Collection entries:
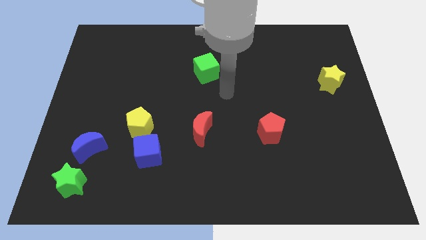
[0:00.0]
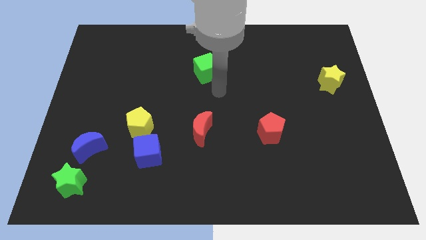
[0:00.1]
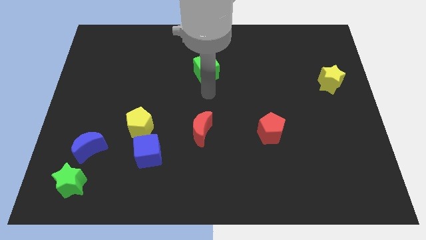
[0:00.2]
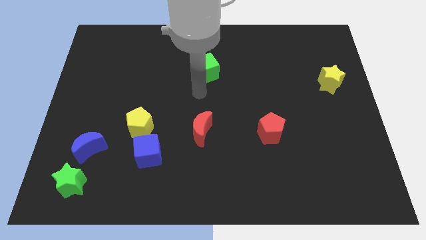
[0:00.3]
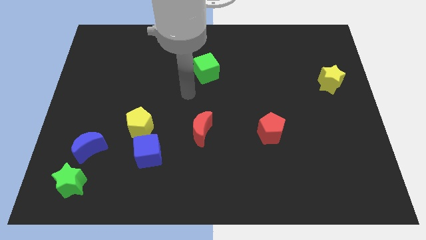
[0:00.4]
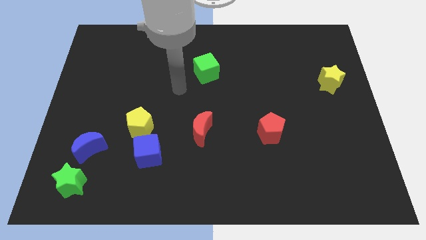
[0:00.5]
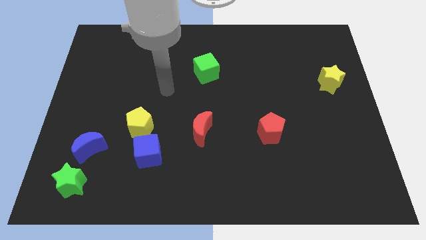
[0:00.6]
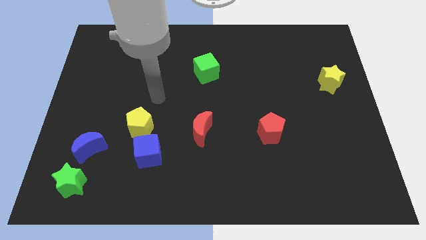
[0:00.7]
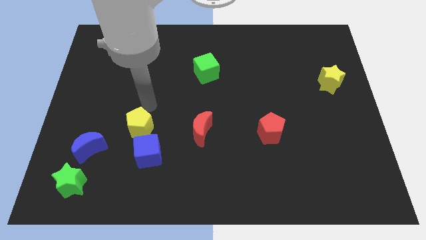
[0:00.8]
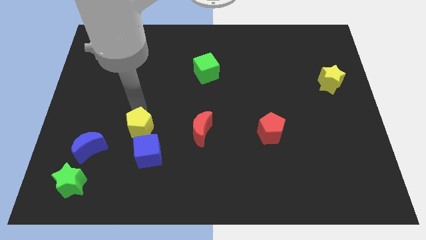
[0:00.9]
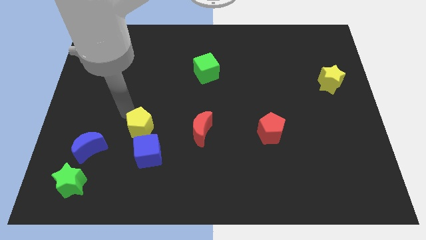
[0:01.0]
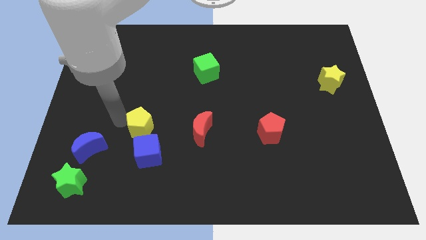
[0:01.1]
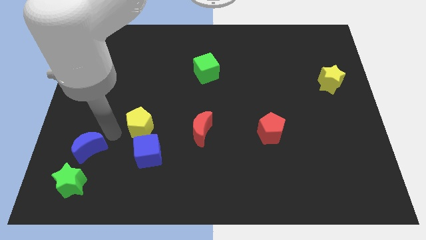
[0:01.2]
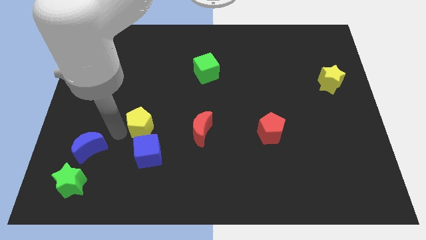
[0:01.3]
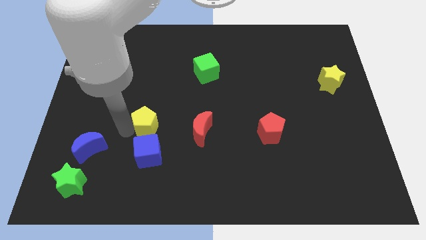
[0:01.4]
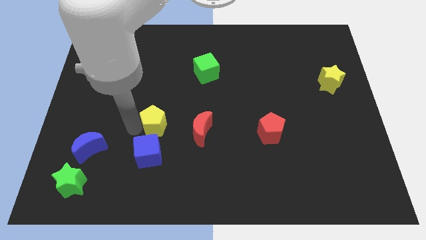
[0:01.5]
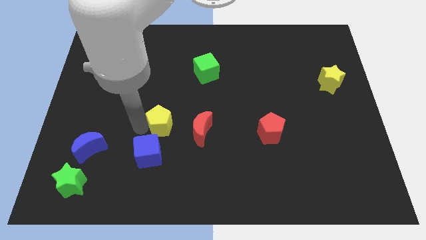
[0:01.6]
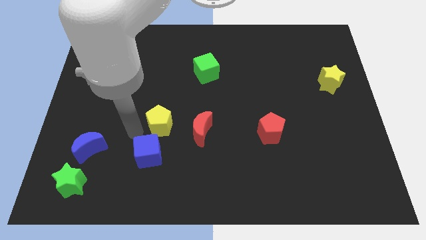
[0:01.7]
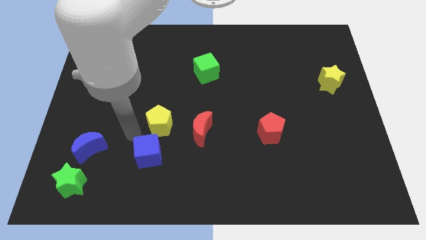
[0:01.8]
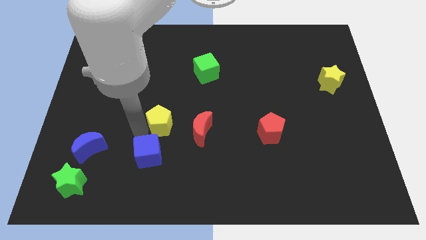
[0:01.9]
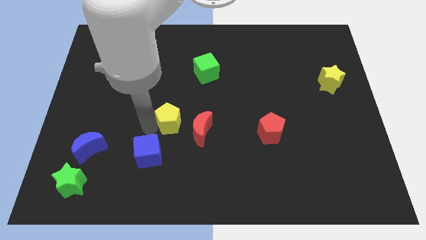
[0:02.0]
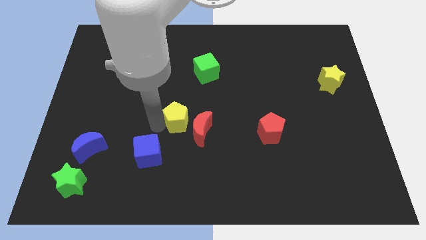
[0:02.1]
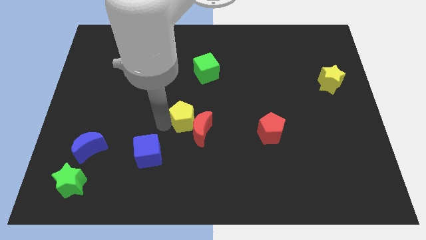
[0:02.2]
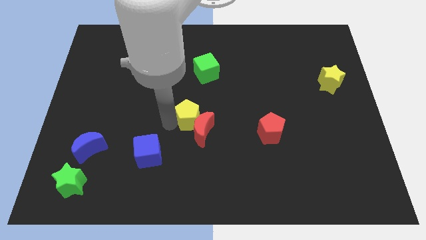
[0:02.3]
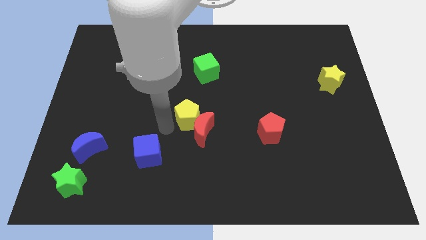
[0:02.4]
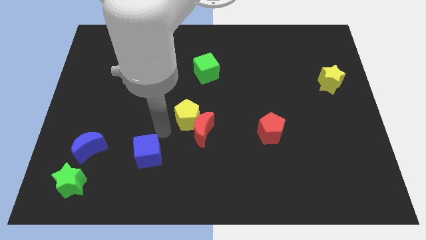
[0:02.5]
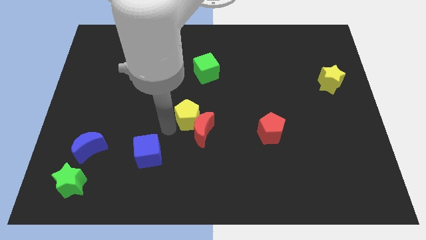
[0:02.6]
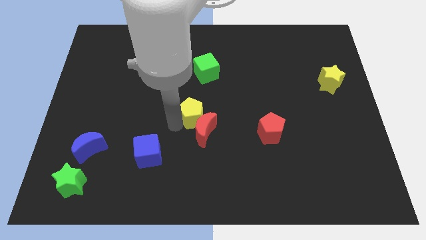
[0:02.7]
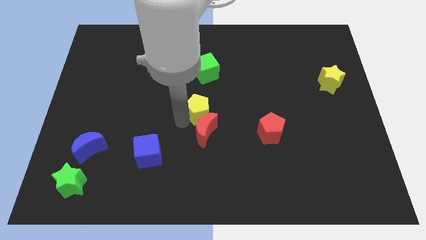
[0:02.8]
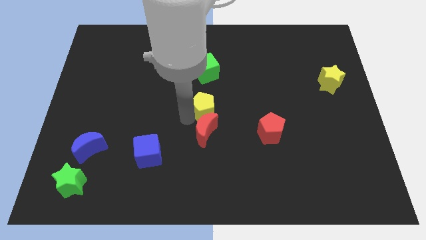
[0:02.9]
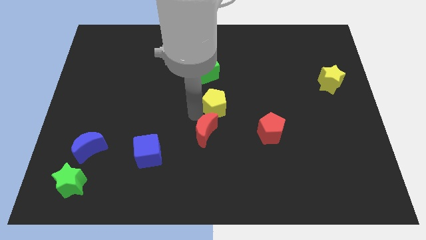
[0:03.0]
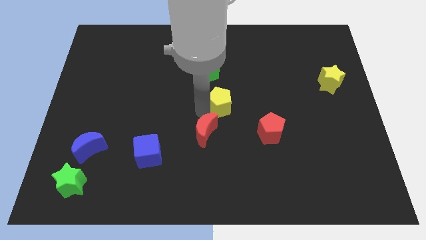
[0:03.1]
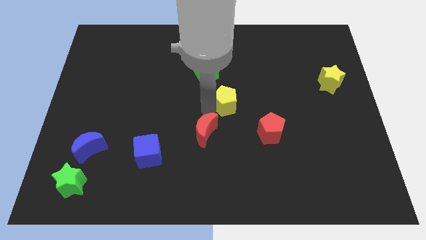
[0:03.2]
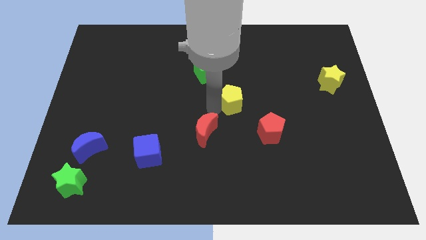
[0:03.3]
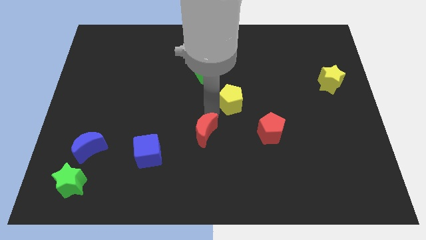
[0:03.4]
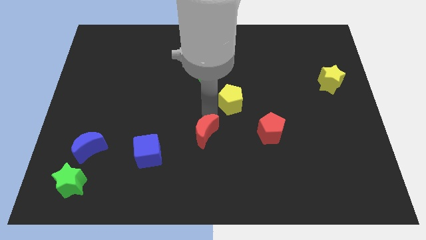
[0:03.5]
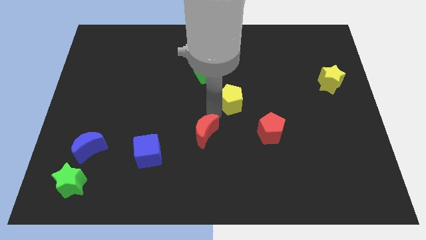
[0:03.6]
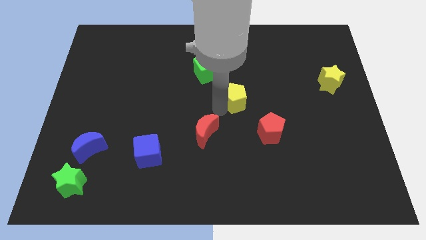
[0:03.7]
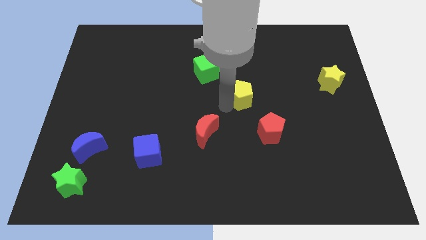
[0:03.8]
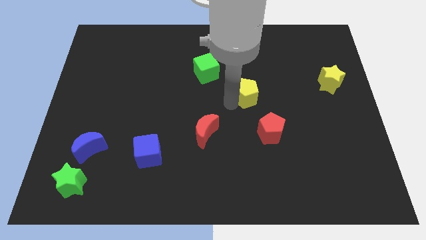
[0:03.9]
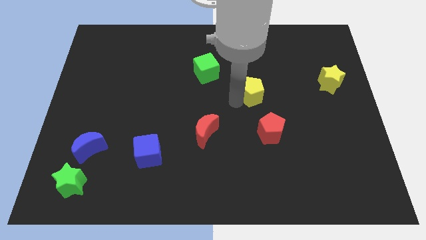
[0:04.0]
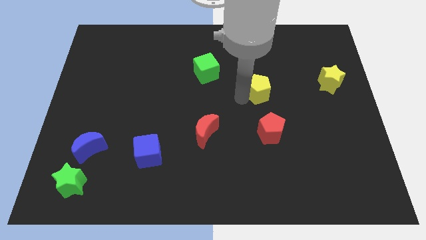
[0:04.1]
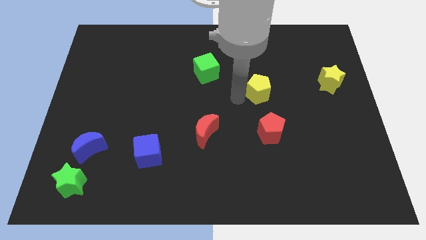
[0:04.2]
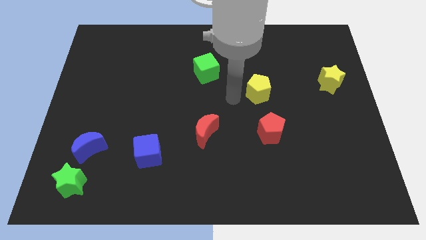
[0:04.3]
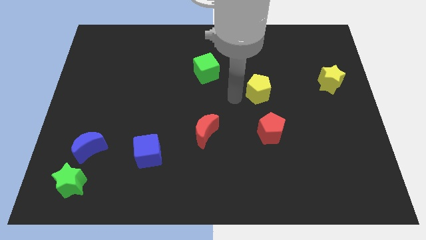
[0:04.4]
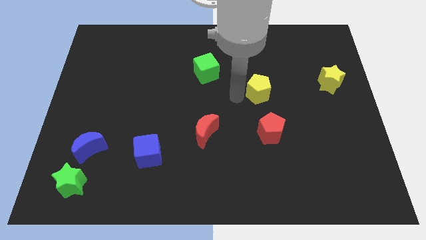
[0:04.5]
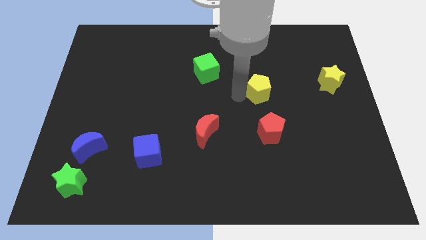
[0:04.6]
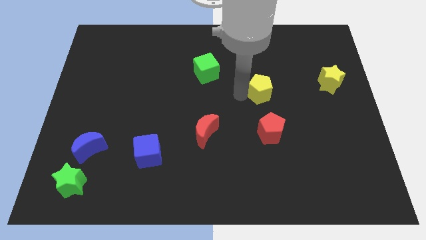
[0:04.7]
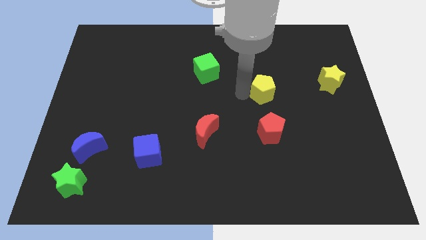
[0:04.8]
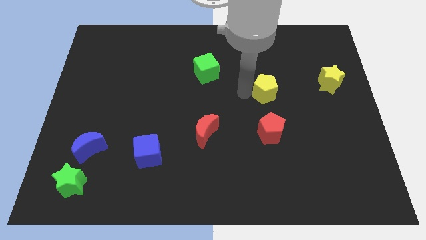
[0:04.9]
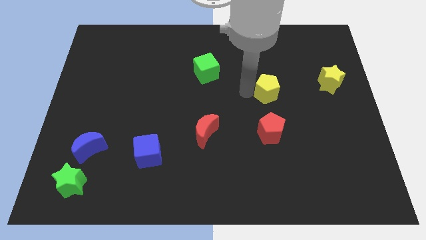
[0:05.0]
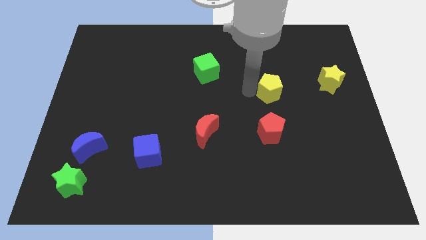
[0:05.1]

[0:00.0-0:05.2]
move the yellow pentagon to the left of the yellow star

> [Exercise brief] Apart from the pictures, the entries above are to be repeated in full and exactly.

> [Your response]
[0:00.0]
[0:00.1]
[0:00.2]
[0:00.3]
[0:00.4]
[0:00.5]
[0:00.6]
[0:00.7]
[0:00.8]
[0:00.9]
[0:01.0]
[0:01.1]
[0:01.2]
[0:01.3]
[0:01.4]
[0:01.5]
[0:01.6]
[0:01.7]
[0:01.8]
[0:01.9]
[0:02.0]
[0:02.1]
[0:02.2]
[0:02.3]
[0:02.4]
[0:02.5]
[0:02.6]
[0:02.7]
[0:02.8]
[0:02.9]
[0:03.0]
[0:03.1]
[0:03.2]
[0:03.3]
[0:03.4]
[0:03.5]
[0:03.6]
[0:03.7]
[0:03.8]
[0:03.9]
[0:04.0]
[0:04.1]
[0:04.2]
[0:04.3]
[0:04.4]
[0:04.5]
[0:04.6]
[0:04.7]
[0:04.8]
[0:04.9]
[0:05.0]
[0:05.1]

[0:00.0-0:05.2]
move the yellow pentagon to the left of the yellow star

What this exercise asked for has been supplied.